The 2006 United States House of Representatives elections in Nebraska were held on November 4, 2006 to determine who will represent the state of Nebraska in the United States House of Representatives. Nebraska has three seats in the House, apportioned according to the 2000 United States Census. Representatives are elected for two-year terms.

Overview

District 1 

 

Incumbent Republican Jeff Fortenberry defeated Democrat Maxine Moul, a former Lieutenant Governor. This district covers the eastern part of the state.

Results

District 2 

 

Incumbent Republican Lee Terry defeated Democrat Jim Esch, an attorney. This district covers the metro Omaha area.

Results

District 3 

 

Republican Adrian Smith, a state Legislator, defeated Democrat Scott Kleeb, a history professor.  District 3 covers most of western Nebraska, comprises 69 counties and is considered to be a traditional Republican stronghold. In the 2006 midterm elections, Republican incumbent Tom Osborne did not seek re-election, instead making a failed bid for the Nebraska gubernatorial nomination. In his stead, Republican Adrian Smith, who won the Republican primary with 39% of the vote in a field of five candidates, defeated Democratic nominee Scott Kleeb, 55% to 45%.  This ten-point margin was the closest election in the 3rd District since 1990, and the closest a Democrat had come to winning the district in 18 years.  In a very strong year for Democrats, the 2006 3rd District congressional race drew last-minute attention from the national House campaign committees  as well as a campaign visit from President George W. Bush on Smith's behalf two days before the election.
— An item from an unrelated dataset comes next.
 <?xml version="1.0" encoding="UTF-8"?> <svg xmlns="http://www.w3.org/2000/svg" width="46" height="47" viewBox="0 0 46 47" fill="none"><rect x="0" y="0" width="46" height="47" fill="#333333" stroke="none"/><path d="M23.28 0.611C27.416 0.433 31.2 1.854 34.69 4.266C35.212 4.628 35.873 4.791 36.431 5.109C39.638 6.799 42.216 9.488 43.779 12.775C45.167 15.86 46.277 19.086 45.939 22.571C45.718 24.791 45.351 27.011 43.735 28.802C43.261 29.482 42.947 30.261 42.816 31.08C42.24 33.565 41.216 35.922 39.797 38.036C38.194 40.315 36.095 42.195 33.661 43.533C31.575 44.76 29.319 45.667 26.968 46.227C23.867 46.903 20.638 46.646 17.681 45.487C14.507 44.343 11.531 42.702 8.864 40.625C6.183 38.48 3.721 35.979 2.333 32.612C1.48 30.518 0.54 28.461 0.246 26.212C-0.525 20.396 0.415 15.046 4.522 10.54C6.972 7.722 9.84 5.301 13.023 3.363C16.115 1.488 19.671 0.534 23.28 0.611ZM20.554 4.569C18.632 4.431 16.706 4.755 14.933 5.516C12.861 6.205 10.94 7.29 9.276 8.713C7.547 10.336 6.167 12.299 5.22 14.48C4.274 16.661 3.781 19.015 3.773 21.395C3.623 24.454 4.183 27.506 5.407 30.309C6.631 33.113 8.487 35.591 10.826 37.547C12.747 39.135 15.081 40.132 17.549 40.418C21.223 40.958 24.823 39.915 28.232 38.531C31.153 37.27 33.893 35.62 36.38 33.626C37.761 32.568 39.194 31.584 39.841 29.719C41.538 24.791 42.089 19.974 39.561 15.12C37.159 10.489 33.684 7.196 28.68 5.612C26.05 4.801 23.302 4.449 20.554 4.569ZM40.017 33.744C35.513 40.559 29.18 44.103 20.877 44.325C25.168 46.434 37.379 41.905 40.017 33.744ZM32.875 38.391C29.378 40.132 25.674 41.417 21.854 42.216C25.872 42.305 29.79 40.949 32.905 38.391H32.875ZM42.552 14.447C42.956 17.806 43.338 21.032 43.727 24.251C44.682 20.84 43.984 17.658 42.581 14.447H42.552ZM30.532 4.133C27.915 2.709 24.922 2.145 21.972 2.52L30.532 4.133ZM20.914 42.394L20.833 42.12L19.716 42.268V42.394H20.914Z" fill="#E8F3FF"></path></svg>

Toward the end of the campaign, controversy surrounded a series of automated telephone calls to voters. These calls used an unauthorized recording of Kleeb's voice which allegedly distorted his views, and were often made in the middle of the night.  After thorough investigation by the Nebraska Public Service Commission, the complaint file was closed with no wrongdoing found by the Kleeb vendor of robocalls, political candidates, or their committees.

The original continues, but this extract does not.